In line with previous studies, the second dose of AZD1222 substantially enhanced the initial antibody response in our cohort (
19,
36,
44). Because the formation of antibodies is physiologically supported by specific T cells, we assumed a correlation between T cell response and antibody formation. Therefore, we aimed to additionally investigate the cellular responses elicited by the second dose. For this purpose, we used a SARS-COV-2 Quantiferon IFN-γ release assay similar to those known from tuberculosis diagnostics and compared the time points before and after the second vaccine dose. As previously shown (
45), the second dose induced an increase in cellular reactivity in most cases (
Fig. 5).
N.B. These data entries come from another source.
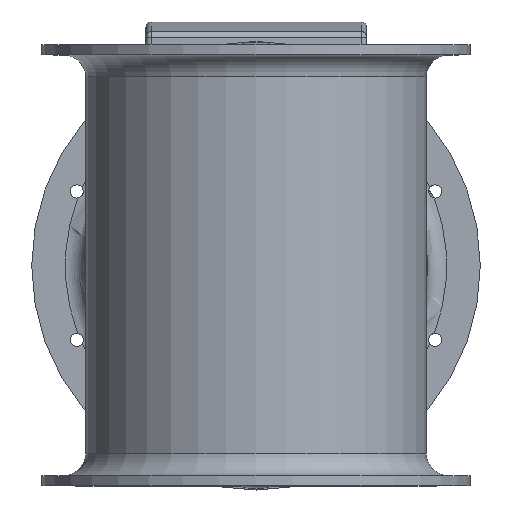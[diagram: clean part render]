
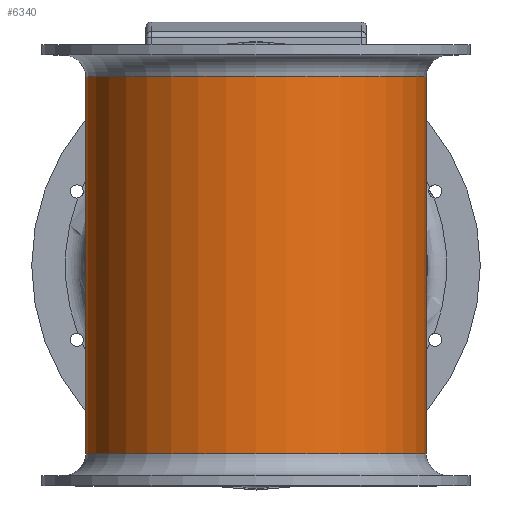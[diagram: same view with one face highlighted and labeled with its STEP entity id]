
A CAD part, top view. The second image highlights one B-rep face of the part: STEP entity #6340.
In plain terms, the highlighted cylindrical face has radius 135 mm (diameter 270 mm), a full revolution.
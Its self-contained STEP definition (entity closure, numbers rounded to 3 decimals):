
#195=B_SPLINE_CURVE_WITH_KNOTS('',3,(#11125,#11126,#11127,#11128,#11129,
#11130,#11131,#11132,#11133,#11134,#11135,#11136,#11137,#11138,#11139,#11140,
#11141,#11142,#11143,#11144,#11145,#11146,#11147,#11148,#11149,#11150,#11151,
#11152,#11153,#11154,#11155,#11156,#11157,#11158,#11159,#11160,#11161,#11162,
#11163,#11164,#11165,#11166,#11167,#11168,#11169,#11170,#11171,#11172,#11173,
#11174,#11175,#11176,#11177),.UNSPECIFIED.,.T.,.F.,(4,1,1,1,1,1,1,1,1,1,
1,1,1,1,1,1,1,1,1,1,1,1,1,1,1,1,1,1,1,1,1,1,1,1,1,1,1,1,1,1,1,1,1,1,1,1,
1,1,1,1,4),(-85.813,-84.281,-82.748,-81.216,
-79.683,-78.151,-76.619,-73.554,
-72.022,-70.489,-68.957,-67.424,
-65.381,-63.338,-61.295,-58.571,
-57.209,-55.165,-53.122,-51.079,
-50.058,-49.036,-46.993,-44.95,
-43.928,-42.906,-40.863,-39.842,
-36.777,-35.755,-34.734,-32.691,
-30.647,-28.604,-27.583,-26.561,
-24.518,-22.475,-20.432,-18.388,
-16.345,-15.324,-14.302,-12.259,
-10.727,-9.194,-6.129,-4.597,
-3.065,-1.532,0.),.UNSPECIFIED.);
#434=CYLINDRICAL_SURFACE('',#6899,135.);
#526=FACE_BOUND('',#1228,.T.);
#527=FACE_BOUND('',#1229,.T.);
#809=FACE_OUTER_BOUND('',#1227,.T.);
#1227=EDGE_LOOP('',(#4811));
#1228=EDGE_LOOP('',(#4812));
#1229=EDGE_LOOP('',(#4813));
#1662=CIRCLE('',#6900,135.);
#1663=CIRCLE('',#6901,135.);
#2757=VERTEX_POINT('',#10971);
#2760=VERTEX_POINT('',#11182);
#2761=VERTEX_POINT('',#11184);
#3499=EDGE_CURVE('',#2757,#2757,#195,.T.);
#3501=EDGE_CURVE('',#2760,#2760,#1662,.T.);
#3502=EDGE_CURVE('',#2761,#2761,#1663,.T.);
#4811=ORIENTED_EDGE('',*,*,#3501,.T.);
#4812=ORIENTED_EDGE('',*,*,#3502,.F.);
#4813=ORIENTED_EDGE('',*,*,#3499,.F.);
#6340=ADVANCED_FACE('',(#809,#526,#527),#434,.T.);
#6899=AXIS2_PLACEMENT_3D('',#11181,#8138,#8139);
#6900=AXIS2_PLACEMENT_3D('',#11183,#8140,#8141);
#6901=AXIS2_PLACEMENT_3D('',#11185,#8142,#8143);
#8138=DIRECTION('center_axis',(0.,-1.,0.));
#8139=DIRECTION('ref_axis',(-1.,0.,0.));
#8140=DIRECTION('center_axis',(0.,-1.,0.));
#8141=DIRECTION('ref_axis',(-1.,0.,0.));
#8142=DIRECTION('center_axis',(0.,-1.,0.));
#8143=DIRECTION('ref_axis',(-1.,0.,0.));
#10971=CARTESIAN_POINT('',(123.834,-0.003,180.345));
#11125=CARTESIAN_POINT('Ctrl Pts',(123.834,-0.004,
180.345));
#11126=CARTESIAN_POINT('Ctrl Pts',(123.834,-5.675,180.344));
#11127=CARTESIAN_POINT('Ctrl Pts',(123.306,-16.989,179.093));
#11128=CARTESIAN_POINT('Ctrl Pts',(121.033,-33.127,174.128));
#11129=CARTESIAN_POINT('Ctrl Pts',(117.489,-48.056,167.338));
#11130=CARTESIAN_POINT('Ctrl Pts',(112.75,-62.059,159.5));
#11131=CARTESIAN_POINT('Ctrl Pts',(106.802,-75.24,151.128));
#11132=CARTESIAN_POINT('Ctrl Pts',(97.407,-91.571,139.873));
#11133=CARTESIAN_POINT('Ctrl Pts',(85.477,-106.449,128.731));
#11134=CARTESIAN_POINT('Ctrl Pts',(71.103,-119.22,118.785));
#11135=CARTESIAN_POINT('Ctrl Pts',(58.949,-127.675,112.057));
#11136=CARTESIAN_POINT('Ctrl Pts',(45.593,-134.676,106.405));
#11137=CARTESIAN_POINT('Ctrl Pts',(29.46,-140.589,101.58));
#11138=CARTESIAN_POINT('Ctrl Pts',(10.481,-144.253,98.564));
#11139=CARTESIAN_POINT('Ctrl Pts',(-10.777,-144.26,
98.559));
#11140=CARTESIAN_POINT('Ctrl Pts',(-33.789,-139.825,
102.208));
#11141=CARTESIAN_POINT('Ctrl Pts',(-52.649,-131.733,
108.805));
#11142=CARTESIAN_POINT('Ctrl Pts',(-69.384,-120.918,
117.446));
#11143=CARTESIAN_POINT('Ctrl Pts',(-82.396,-109.771,
126.174));
#11144=CARTESIAN_POINT('Ctrl Pts',(-94.91,-95.324,137.074));
#11145=CARTESIAN_POINT('Ctrl Pts',(-103.458,-82.023,
146.534));
#11146=CARTESIAN_POINT('Ctrl Pts',(-109.2,-70.777,
153.983));
#11147=CARTESIAN_POINT('Ctrl Pts',(-114.278,-58.971,
161.319));
#11148=CARTESIAN_POINT('Ctrl Pts',(-119.319,-43.3,
169.917));
#11149=CARTESIAN_POINT('Ctrl Pts',(-122.579,-26.083,
176.693));
#11150=CARTESIAN_POINT('Ctrl Pts',(-123.951,-11.337,
179.792));
#11151=CARTESIAN_POINT('Ctrl Pts',(-124.421,3.786,180.906));
#11152=CARTESIAN_POINT('Ctrl Pts',(-123.474,18.886,178.653));
#11153=CARTESIAN_POINT('Ctrl Pts',(-120.164,40.033,171.61));
#11154=CARTESIAN_POINT('Ctrl Pts',(-115.526,56.089,163.102));
#11155=CARTESIAN_POINT('Ctrl Pts',(-109.137,70.904,153.9));
#11156=CARTESIAN_POINT('Ctrl Pts',(-103.388,82.141,146.447));
#11157=CARTESIAN_POINT('Ctrl Pts',(-94.832,95.412,137.004));
#11158=CARTESIAN_POINT('Ctrl Pts',(-82.375,109.787,126.157));
#11159=CARTESIAN_POINT('Ctrl Pts',(-70.152,120.249,117.965));
#11160=CARTESIAN_POINT('Ctrl Pts',(-59.141,127.565,112.133));
#11161=CARTESIAN_POINT('Ctrl Pts',(-47.468,133.983,106.965));
#11162=CARTESIAN_POINT('Ctrl Pts',(-31.527,140.25,101.853));
#11163=CARTESIAN_POINT('Ctrl Pts',(-10.844,144.249,98.563));
#11164=CARTESIAN_POINT('Ctrl Pts',(10.445,144.249,98.563));
#11165=CARTESIAN_POINT('Ctrl Pts',(31.103,140.274,101.834));
#11166=CARTESIAN_POINT('Ctrl Pts',(47.153,133.977,106.97));
#11167=CARTESIAN_POINT('Ctrl Pts',(58.934,127.476,112.204));
#11168=CARTESIAN_POINT('Ctrl Pts',(69.836,120.218,117.989));
#11169=CARTESIAN_POINT('Ctrl Pts',(80.909,110.738,125.411));
#11170=CARTESIAN_POINT('Ctrl Pts',(91.516,98.911,134.372));
#11171=CARTESIAN_POINT('Ctrl Pts',(102.521,83.637,145.479));
#11172=CARTESIAN_POINT('Ctrl Pts',(111.203,66.618,156.937));
#11173=CARTESIAN_POINT('Ctrl Pts',(117.492,48.044,167.345));
#11174=CARTESIAN_POINT('Ctrl Pts',(121.044,33.062,174.149));
#11175=CARTESIAN_POINT('Ctrl Pts',(123.301,17.008,179.084));
#11176=CARTESIAN_POINT('Ctrl Pts',(123.835,5.667,180.346));
#11177=CARTESIAN_POINT('Ctrl Pts',(123.834,-0.004,
180.345));
#11181=CARTESIAN_POINT('Origin',(-0.175,-74.822,233.698));
#11182=CARTESIAN_POINT('',(-135.175,149.635,233.698));
#11183=CARTESIAN_POINT('Origin',(-0.175,149.635,233.698));
#11184=CARTESIAN_POINT('',(-135.175,-149.641,233.698));
#11185=CARTESIAN_POINT('Origin',(-0.175,-149.641,233.698));

Three participants presented negative responses to Ag1 and Ag2, but the decreases were only moderate (0.04 to 0.07 IU/mL). The antibody responses in these participants were comparable to those seen in the rest of the cohort. However, we found only weak, mostly statistically nonsignificant correlations between antibody levels and absolute IFN-γ levels before the second dose and no correlation at all after the second dose (
Table 2).
In contrast, the percent cellular response (fold change) to the second dose correlated significantly with the percent antibody response (ρ = 0.33 for both binding assays), see
Table 2. This finding suggests that the increase of antibodies after a second shot, which is detected by both binding assays, can be substantiated by an accompanying cellular reaction. In contrast, we found no correlation between the relative changes in cellular and sVNT response, which might be partly explained by the limited measurement range of the sVNT. However, because not all antibodies formed are functionally active neutralizing antibodies (NAbs), even not all of those specifically directed against the receptor-binding domain (RBD) of the spike protein, the binding antibodies may be superior to the measurement of NAbs here as a correlate for cellular activation.
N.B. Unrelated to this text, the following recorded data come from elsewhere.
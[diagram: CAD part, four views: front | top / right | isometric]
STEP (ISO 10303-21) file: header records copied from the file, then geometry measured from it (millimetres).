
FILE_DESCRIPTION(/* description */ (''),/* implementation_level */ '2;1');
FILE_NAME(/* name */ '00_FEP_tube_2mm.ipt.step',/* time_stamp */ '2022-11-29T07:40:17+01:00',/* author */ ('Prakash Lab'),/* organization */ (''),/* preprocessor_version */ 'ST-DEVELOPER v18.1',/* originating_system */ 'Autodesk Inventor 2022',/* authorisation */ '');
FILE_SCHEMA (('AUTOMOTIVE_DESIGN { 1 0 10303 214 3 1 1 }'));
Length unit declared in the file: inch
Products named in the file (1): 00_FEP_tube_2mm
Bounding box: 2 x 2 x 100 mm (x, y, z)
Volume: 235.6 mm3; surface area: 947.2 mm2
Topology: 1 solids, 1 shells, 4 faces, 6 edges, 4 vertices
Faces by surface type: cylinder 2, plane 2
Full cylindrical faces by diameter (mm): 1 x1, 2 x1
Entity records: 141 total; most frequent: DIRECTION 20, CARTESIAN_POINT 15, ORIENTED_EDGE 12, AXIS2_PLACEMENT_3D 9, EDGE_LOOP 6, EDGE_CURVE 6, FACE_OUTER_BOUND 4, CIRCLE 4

This study has several strengths and limitations: although 50 participants might be considered a relatively small cohort, we have shown in previous work that this number is sufficient for such comparative approaches and that our data could be replicated in much larger cohorts (
16,
46). One strength of our study is that we followed exact time points for blood sampling in the context of a prospective observational study. A limitation is that we did not perform measurements beyond 3 weeks after the second dose. Thus, whether a constant ratio would be observed after a specific time is unclear. Furthermore, our cohort using AZD1222 (inducing significantly lower median antibody levels than, e.g., BNT162b2) has the advantage of a broader distribution of values across the measurable spectrum with a very low proportion of results above 1,000 BAU/mL. As this value represents the upper limit of referencing with the WHO SARS-CoV-2 antibody standard, a linear relationship is no longer guaranteed for values above this, leading to unwanted biases in comparing different antibody tests.
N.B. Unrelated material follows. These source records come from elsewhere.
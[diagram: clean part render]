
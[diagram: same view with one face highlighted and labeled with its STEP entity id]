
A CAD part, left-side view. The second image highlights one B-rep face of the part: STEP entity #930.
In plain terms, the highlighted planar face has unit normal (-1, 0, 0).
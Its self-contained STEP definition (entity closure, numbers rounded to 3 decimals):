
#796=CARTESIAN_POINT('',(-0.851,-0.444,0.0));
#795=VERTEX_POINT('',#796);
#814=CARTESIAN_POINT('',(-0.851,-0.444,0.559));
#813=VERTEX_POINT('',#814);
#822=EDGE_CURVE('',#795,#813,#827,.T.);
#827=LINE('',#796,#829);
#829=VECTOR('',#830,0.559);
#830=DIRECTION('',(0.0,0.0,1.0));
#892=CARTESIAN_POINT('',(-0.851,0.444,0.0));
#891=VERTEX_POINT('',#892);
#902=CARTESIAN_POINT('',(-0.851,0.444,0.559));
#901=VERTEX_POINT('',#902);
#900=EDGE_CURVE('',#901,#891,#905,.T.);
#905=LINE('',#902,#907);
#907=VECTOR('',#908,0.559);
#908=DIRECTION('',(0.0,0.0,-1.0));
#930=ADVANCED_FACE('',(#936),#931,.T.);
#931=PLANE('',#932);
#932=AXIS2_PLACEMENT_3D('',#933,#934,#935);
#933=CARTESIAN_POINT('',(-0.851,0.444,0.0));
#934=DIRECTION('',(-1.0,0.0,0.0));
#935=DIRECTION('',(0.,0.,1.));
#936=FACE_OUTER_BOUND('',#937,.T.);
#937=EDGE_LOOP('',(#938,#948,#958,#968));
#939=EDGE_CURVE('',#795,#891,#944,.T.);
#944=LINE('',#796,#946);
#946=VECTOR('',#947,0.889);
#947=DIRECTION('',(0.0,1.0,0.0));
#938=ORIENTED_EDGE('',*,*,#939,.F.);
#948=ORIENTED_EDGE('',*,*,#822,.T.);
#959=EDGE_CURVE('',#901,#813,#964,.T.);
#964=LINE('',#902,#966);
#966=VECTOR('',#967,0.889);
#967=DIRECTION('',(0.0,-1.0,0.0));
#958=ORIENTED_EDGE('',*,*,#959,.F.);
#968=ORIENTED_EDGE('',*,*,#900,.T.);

In summary, with the present work, we show for the first time that the comparability of quantitative anti-spike SARS-CoV-2 antibody tests is highly dependent on the timing of blood collection. Although the results of the two assays studied correlate well at all time points, a numerical agreement is only possible through a correction factor, which changes over time after both the first dose of vaccine and the stimulus of the second dose of vaccine. Concerning boosters with a 3rd and possibly fourth dose, we must assume that the relationship between two antibody assays may be in a constant state of change. Therefore, it does not seem feasible to compare different quantitative SARS-COV-2 antibody results without standardization of the time of sample collection.